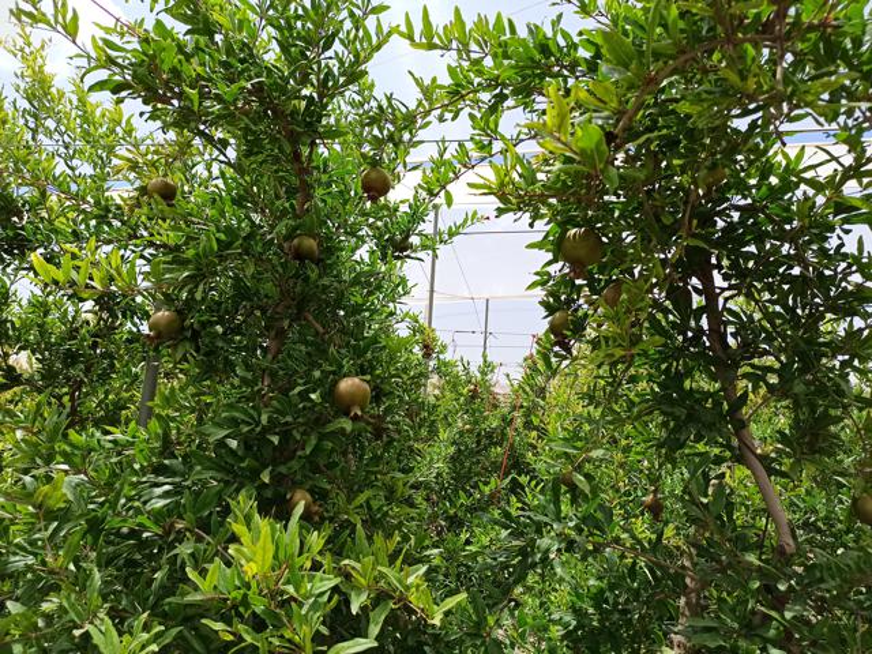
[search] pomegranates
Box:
[360,168,391,202]
[146,177,178,202]
[642,493,666,520]
[560,228,602,278]
[332,376,372,420]
[285,488,322,523]
[143,311,180,343]
[601,281,624,309]
[289,236,317,263]
[854,495,872,523]
[548,308,570,346]
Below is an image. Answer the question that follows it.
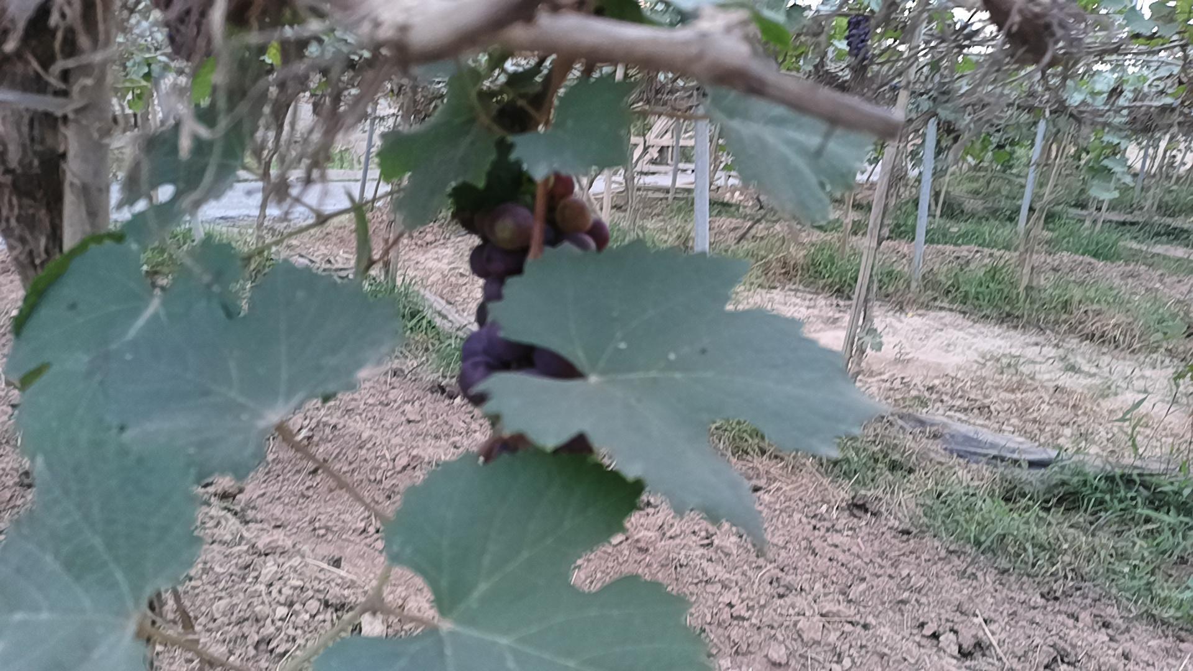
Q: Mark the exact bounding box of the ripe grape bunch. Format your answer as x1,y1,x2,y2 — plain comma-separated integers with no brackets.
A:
844,14,871,62
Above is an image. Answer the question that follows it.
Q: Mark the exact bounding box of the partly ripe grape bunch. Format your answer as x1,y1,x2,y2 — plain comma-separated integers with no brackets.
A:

Your goal
Find the line containing "Q: Mark the exact bounding box of the partly" in the material above. Print it and every line after it through the end, exactly and only those.

Final answer
Q: Mark the exact bounding box of the partly ripe grape bunch. Format your answer as x1,y1,x2,y2 — plain comma-separated integers with no brackets.
A:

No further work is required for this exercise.